On Sat, Dec 12, 2020 at 3:29 AM Jakob Heitz (jheitz)
<> wrote:
> Good point Keyur.
> A receiver may be overwhelmed for a long time and not open its TCP window to avoid
> silly window syndrome or some other reason. The receiver may still be functional
> and able to clear its backlog, albeit in a long time. Resetting such a session
> will only make the situation worse. Telling the difference between this case
> and a receiver stuck in a bug is difficult.
> Regards,
> Jakob.

Byzantine Generals again.

We ran into this problem recently. The update group behavior made a
single session's
slowness cascade to all of the others, so there was much screaming.

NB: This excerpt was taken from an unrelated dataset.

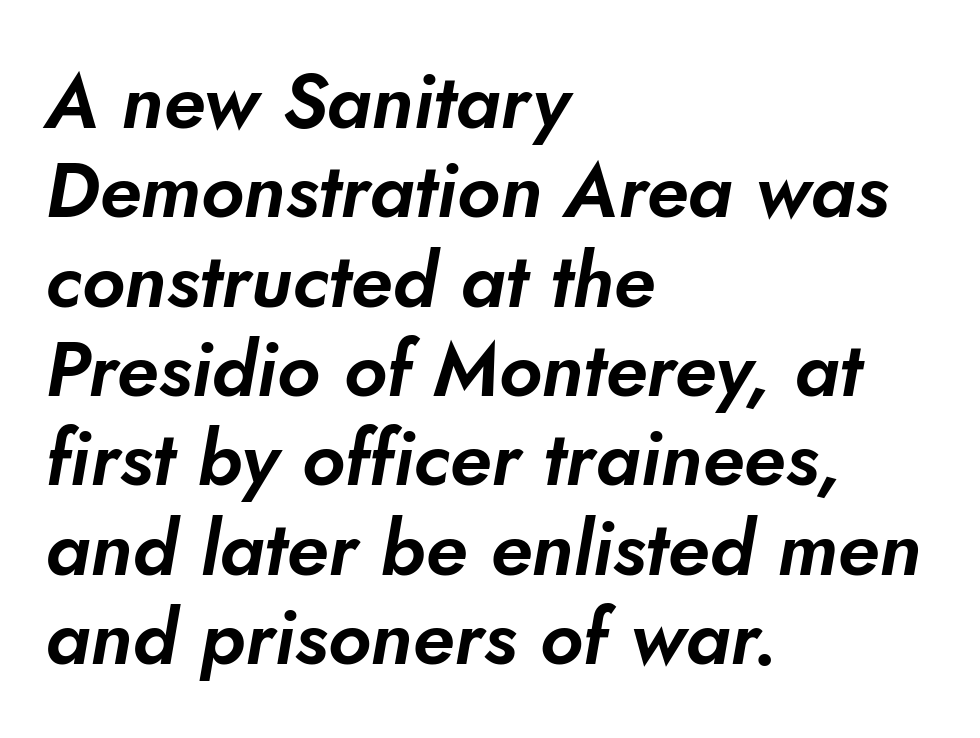
{"serif": "no", "width": "normal", "stroke_contrast": "low", "x_height": "small", "monospaced": "no", "underline": "no", "align": "left", "line_spacing_ratio": 1.16, "letter_spacing": "normal", "letter_spacing_em": 0.0, "glyph_px": 77}

At a certain point, a slow neighbor is a pointless neighbor. If we saw a number,
say 2 days backlog, it would be an obvious problem that requires
reset. Lower numbers
get trickier.

It seems to me that we're looking at 3 categories:

1) Normal sessions - don't kill
2) Slow sessions - don't kill yet, do the slow session things.
3) Too slow - goodbye session.

Maybe a "minimum update rate" algo that would kick off #2 and #3 is a
possibility. A bit
more flexible than just looking at queue depth or getting too deep
into other layers by
looking at buffer characteristics. I know some implementations implement #2, but
I never bothered to dig into how it works. #3 just seems like a
logical extension.

When we ran into this problem recently, the only discussion of window
size was as an affirmation
that the broken box was, in fact, the broken box. But the problem
description is always
something like "stale routes" or "routing loops" (undoubtedly because
they are stale).